Seules des personnalités hors du commun peuvent porter un très grand souci et vivre une vie normale. Les Prophètes (paix sur eux) nous ont montré l'exemple. Et le Prophète de l’islam (paix sur lui) nous a laissé en la matière le plus beau des modèles.
Dans les descriptions du Prophète (paix sur lui), les compagnons disaient qu’il était dâ’imal huzn, c’est-à-dire continuellement triste quand il était seul.
La nuit, il priait tellement que ses pieds s’enflaient. Une nuit, il s’allongea près de Aïcha (que Dieu soit Satisfait d’elle). Mais un instant après, il dit : « Permets-moi d’adorer mon Rabb. » Dans une version, Aïcha dit : « Ô Prophète de Dieu ! J’aime que tu sois près de moi. Mais j’aime ce que tu aimes. » Et Aïcha de raconter que le Prophète (paix sur lui) commença à prier et pleura tellement que sa barbe se mouilla de larmes. Cela dura jusqu’au matin, quand Bilâl (que Dieu soit Satisfait de lui) vint appeler le Prophète (paix sur lui) pour la prière. Voyant l’état du Prophète (paix sur lui), Bilâl ne put s’empêcher de lui dire : « Ô Prophète de Dieu (paix sur lui) ! Tu pleures ainsi alors que Dieu t’a tout pardonné ? » Le Prophète (paix sur lui) répondit : « Pourquoi ne serais-je pas un serviteur reconnaissant ? »
Cette tristesse ne quittait pas le Messager de Dieu (paix sur lui). C’était son lot quotidien. Et même le sommeil ne parvenait pas à la lui enlever. Deux Anges vinrent lui porter un message alors qu’il dormait. L’un d’eux fit remarquer qu’il n’était pas possible de lui parler car il dormait. Mais l’autre Ange remarqua très justement : « Ses yeux dorment, mais son cœur ne dort pas. »
Son silence était long. Sa pensée était profonde. Son souci pour sa communauté était immense. Il avait visité le Paradis. Il avait visité le Feu.
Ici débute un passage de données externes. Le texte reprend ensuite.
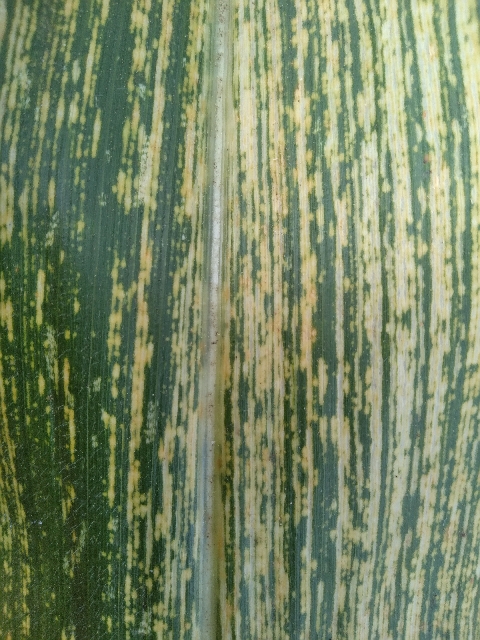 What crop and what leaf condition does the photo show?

maize, maize streak virus
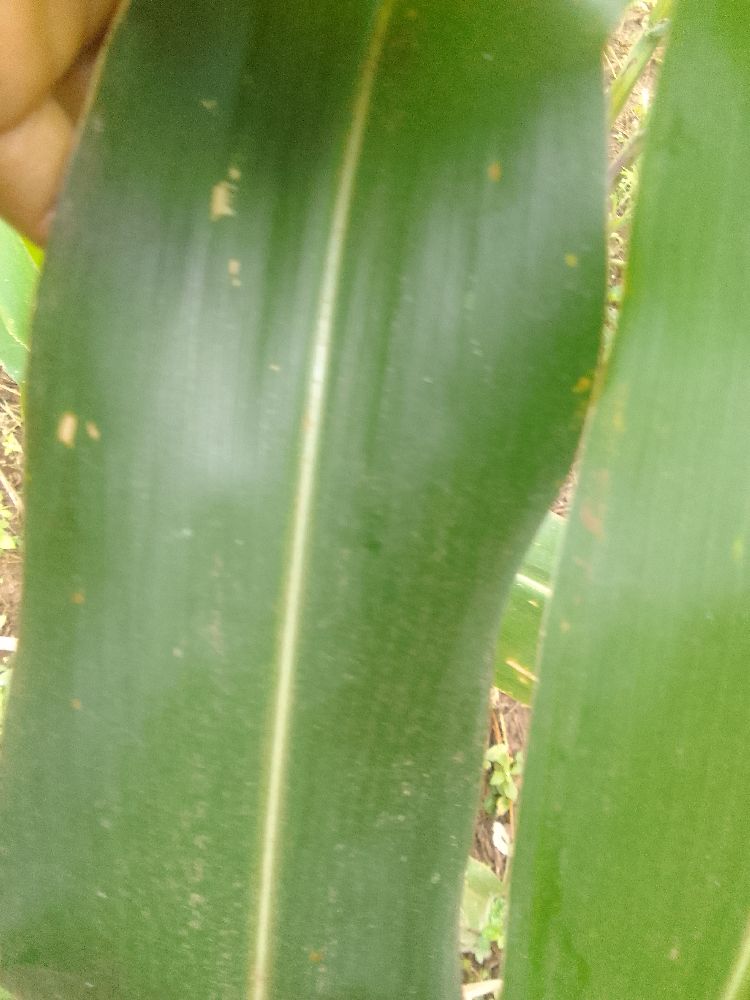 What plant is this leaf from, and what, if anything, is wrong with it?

maize, maize streak virus
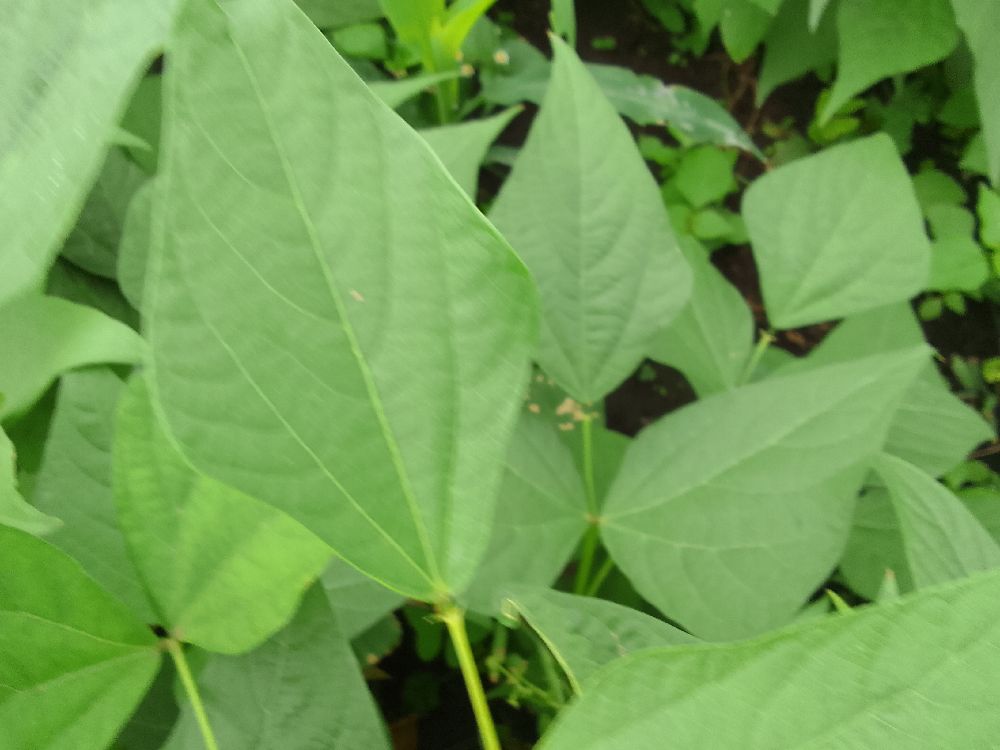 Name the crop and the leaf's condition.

common bean, healthy

Ne disait-il pas : « Je ne connais pas une chose plus belle pour laquelle le convoitant dort que le Paradis. Je ne connais pas une chose plus horrible pour laquelle le fuyard dort que le Feu. »
Il aimait rappeler ces réalités : la tombe et ses supplices, le Jour Dernier et ses horreurs. Il aimait décrire ce qu’il percevait et que personne ne percevait. Quand le mort est porté vers la tombe, dit-il un jour à ses compagnons, s’il était quelqu’un de porté sur le mal, il pousse un cri qu’entendent toutes les créatures sauf les hommes et les jinns. Et s’ils entendaient ce cri, poursuivait-il auprès de ses compagnons, ils perdraient connaissance. Lui entendait ce cri.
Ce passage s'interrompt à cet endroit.